Multiple Sclerosis (MS) is an autoimmune disorder that affects nearly one million people in the United States. It occurs when the body’s immune system attacks the myelin sheath—the protective covering around neurons—leading to progressive nerve damage. Despite advances in treatment, researchers still struggle to fully understand what drives MS onset and progression. Huge amounts of data are being generated from patient visits, medical records, and laboratory experiments, but these rich sources—clinical data and proteomic data—often exist in silos. Clinicians rely on fragmented clinical observations, while researchers focus on isolated protein-level findings. The result is a persistent gap between molecular discovery and real-world patient care.

Our Mission

To empower clinicians and researchers by transforming omic and clinical data into actionable insights through a reproducible machine learning pipeline—advancing precision care for Multiple Sclerosis patients.

Our Solution

IntegraMS bridges this gap by integrating proteomic and clinical data to model MS disability status and uncover protein signatures linked to disease progression.
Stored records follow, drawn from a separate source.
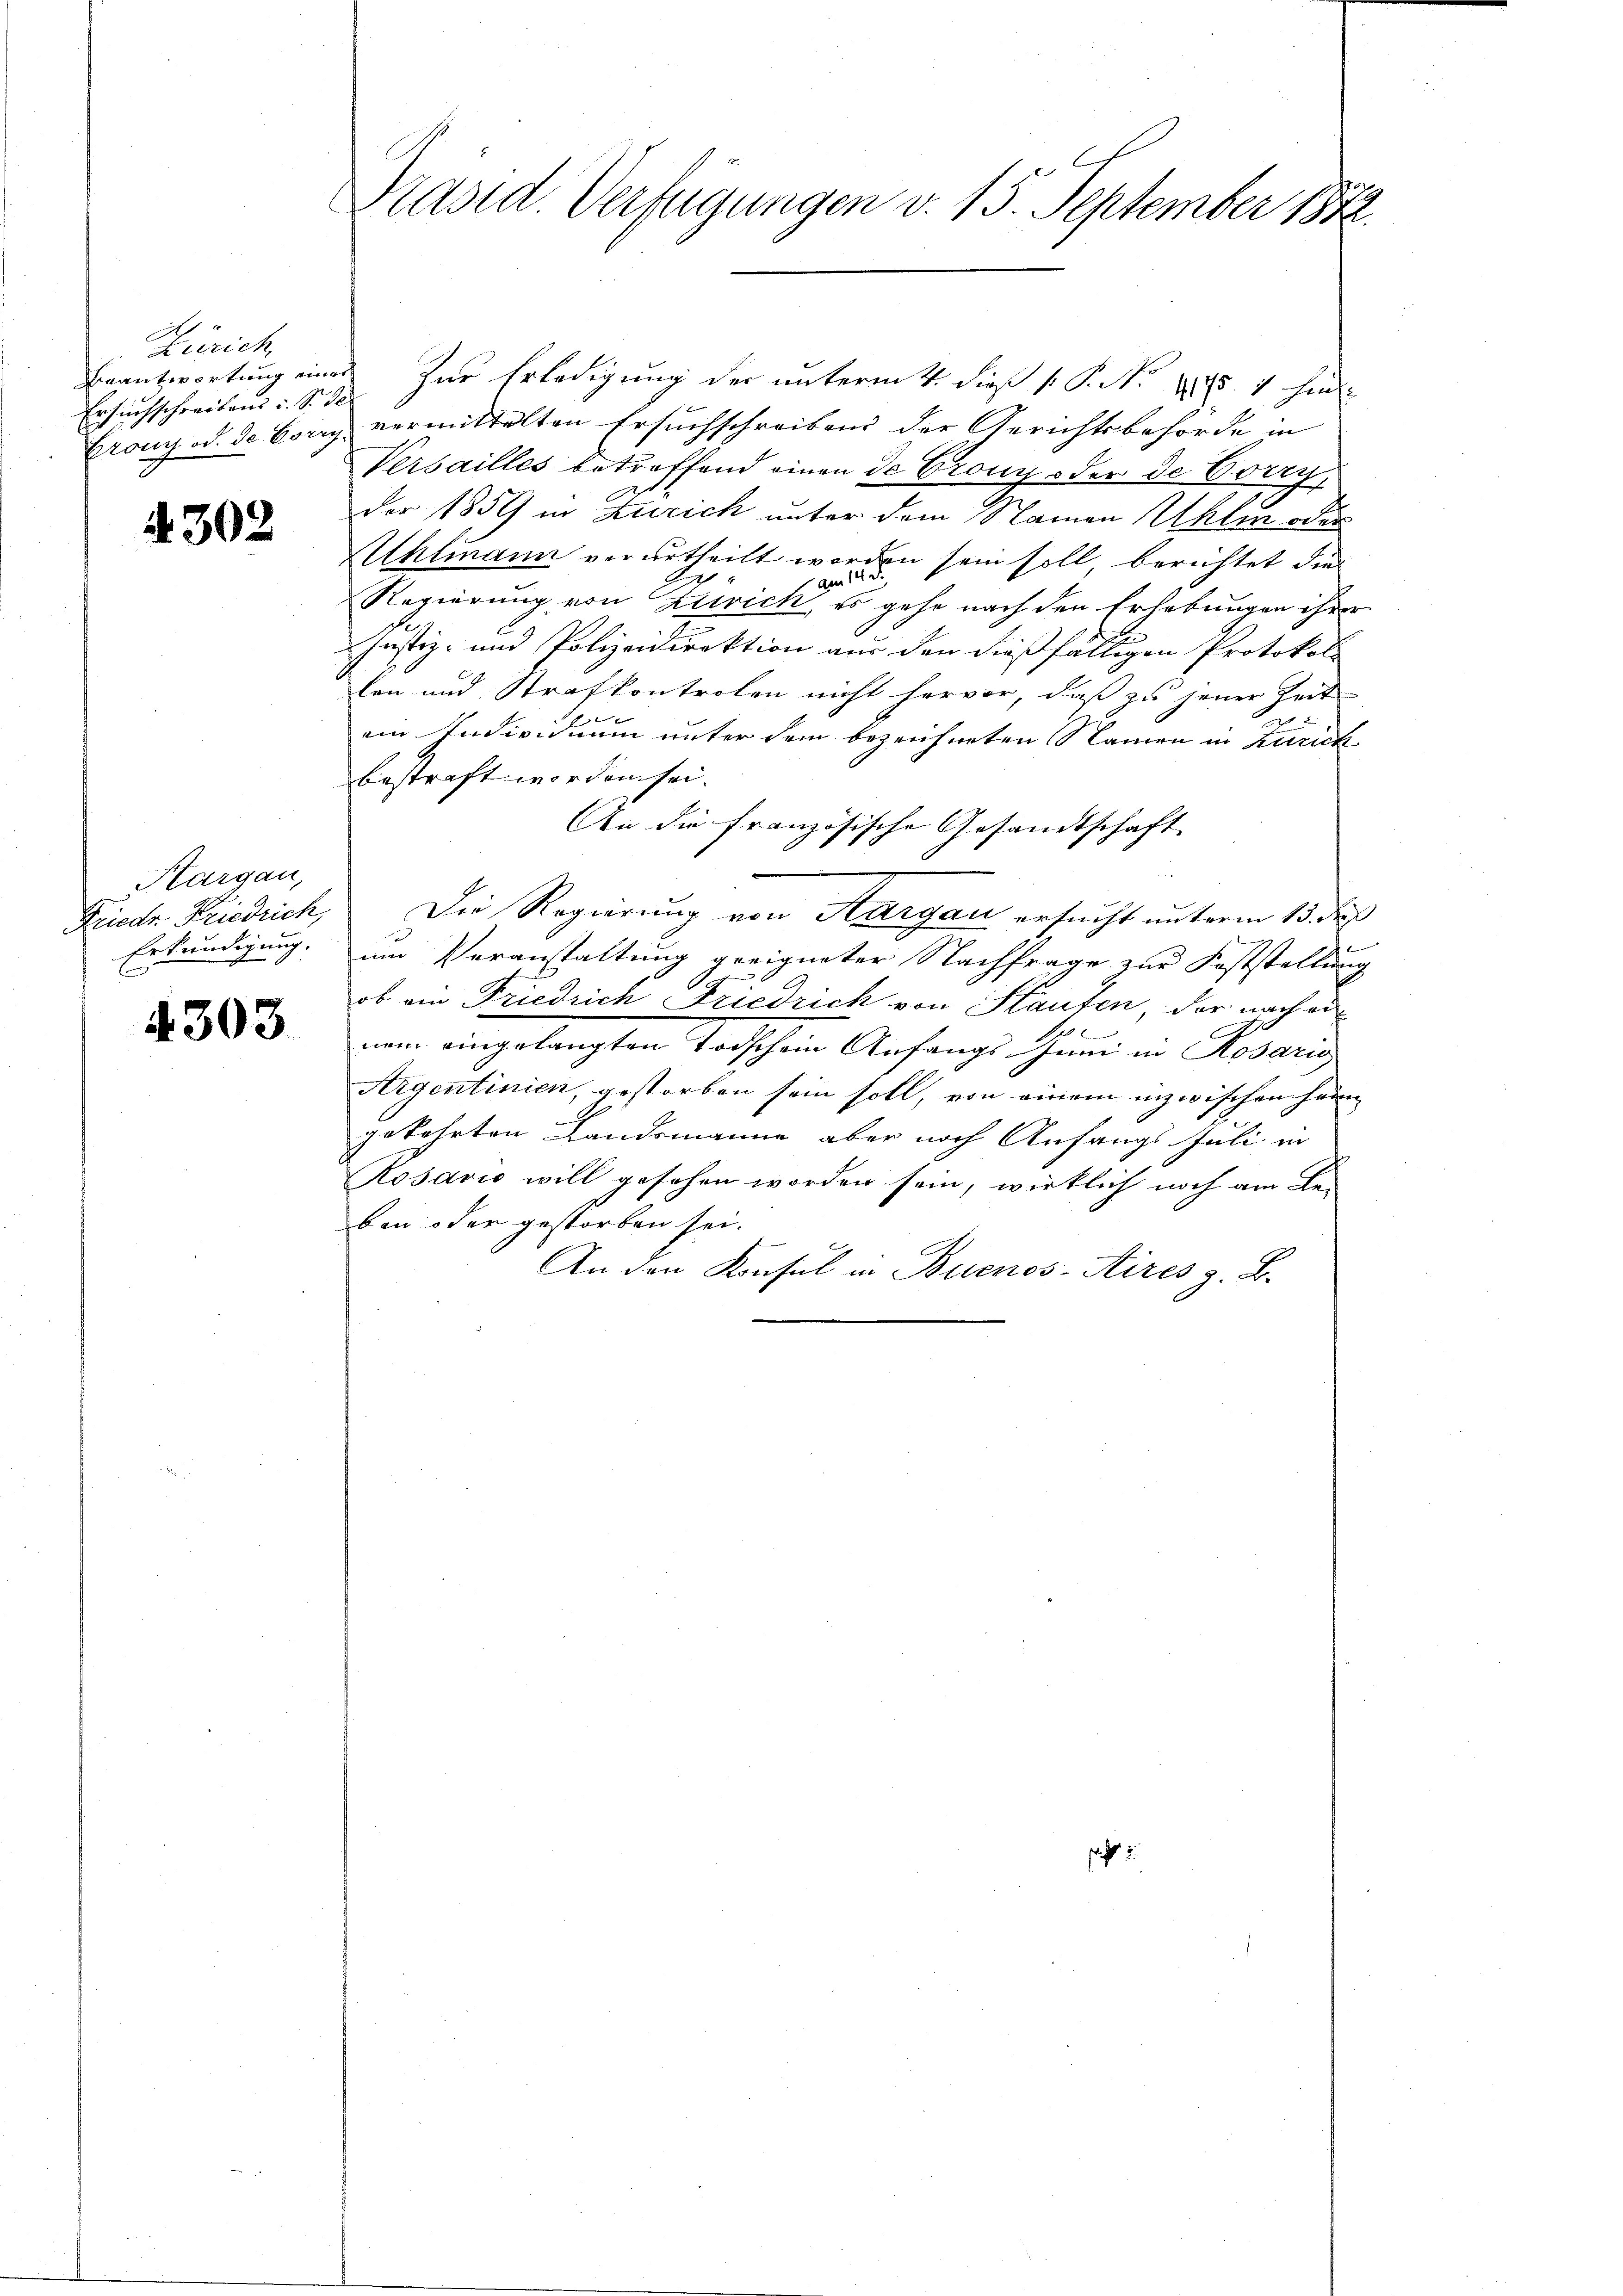
Zürich,
Beantwortung eine
Ersuchschreibens u. S. 3

4302

Hargau,
Friedr. Friedrich,
Erkundigung.

4303

Präsid. Verfügungen v. 15. September 1822.

Zur Erledigung der unterm 4. dieß P. P. Nr. 285. 1 hin
Crony od. 30 Corry vermittelten Ersŭchschreiben der Gerichtsbehörde in
Versailles betreffend einen de Crony oder de Corry,
der 1859 in Zürich unter dem Namen Akli oder
Uhlmann verurtheilt worden sein soll, berichtet die
am 14. d.
Regierung von Zürich, es gehe nach den Erhebungen ihrer
Justiz- und Polizeidirektion aus den dießfälligen Protokoll
len und Strafkontrolen nicht hervor, daß zu jener Zeit
ein Individuum unter dem bezeichneten Namen in Zürich
bestraft worden sei.
An die französische Gesandtschaft
Die Regierung von Aargau ersucht unterm 15. Fuß
um Veranstaltung geeigneter Nachfrage zur Feststellung
ob ain Friedrich Friedrich von Staufen, der nach ein
 x
am eingelangten Vorschein Anfangs thun in Rosaris
Aigentinien, gestorben sein soll, von einem inzwischen Han
gekehrten Landsmanne aber noch Anfangs Juli in
Rosavio will gesehen worden sein, wirklich noch am Le-
ben oder gestorben sei.
An den Konsul in Buenos-Aires z. B.

sicht
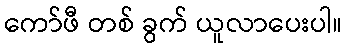
ကော်ဖီ တစ် ခွက် ယူလာပေးပါ။
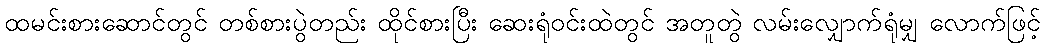
ထမင်းစားဆောင်တွင် တစ်စားပွဲတည်း ထိုင်စားပြီး ဆေးရုံဝင်းထဲတွင် အတူတွဲ လမ်းလျှောက်ရုံမျှ လောက်ဖြင့်
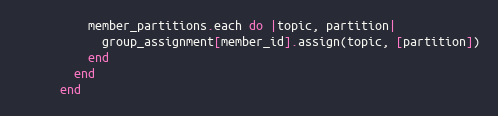
Language: Ruby
          member_partitions.each do |topic, partition|
            group_assignment[member_id].assign(topic, [partition])
          end
        end
      end

Through a unified web platform, researchers and clinicians can upload a patient’s data portfolio, run analysis pipelines, and receive model-predicted DSS (Disability Status Scale) scores alongside curated summaries of the most informative peptide-level features. The result is a single dashboard that replaces hours of manual cross-referencing with interpretable, data-driven insights grounded in both clinical context and proteomic signal.

Why It Matters

The need for such a system is urgent. The global MS therapeutics market was valued at $27.4 billion in 2024, projected to reach $38.6 billion by 2030, while the proteomics and transcriptomics data market is expected to grow from $32.6 billion to $51.8 billion in the same period. Both sectors depend on better integration of clinical and molecular data to speed up drug discovery and improve care outcomes.By providing a scalable, reproducible, and clinically interpretable pipeline, IntegraMS unlocks that potential—helping translate research discoveries into practical clinical tools.

Who It’s For

• Neurologists and Clinicians: Gain a comprehensive, data-integrated view of each patient to support early intervention and personalized treatment.
• Clinical Researchers: Explore relationships between autoantibody patterns, EDSS, and nFL to uncover predictive biomarkers.
• Data Scientists: Build upon a reproducible ML framework designed for multi-omics integration and small cohort scalability.

IntegraMS System Workflow

The IntegraMS platform follows a four-stage workflow:

1. Data Integration – Secure ingestion of de-identified proteomic and clinical datasets from UCSF Neurology into a unified schema. Phage display proteomic measurements are aligned with patient-level timelines, demographics, and DSS outcomes to create a structured dataset suitable for modeling.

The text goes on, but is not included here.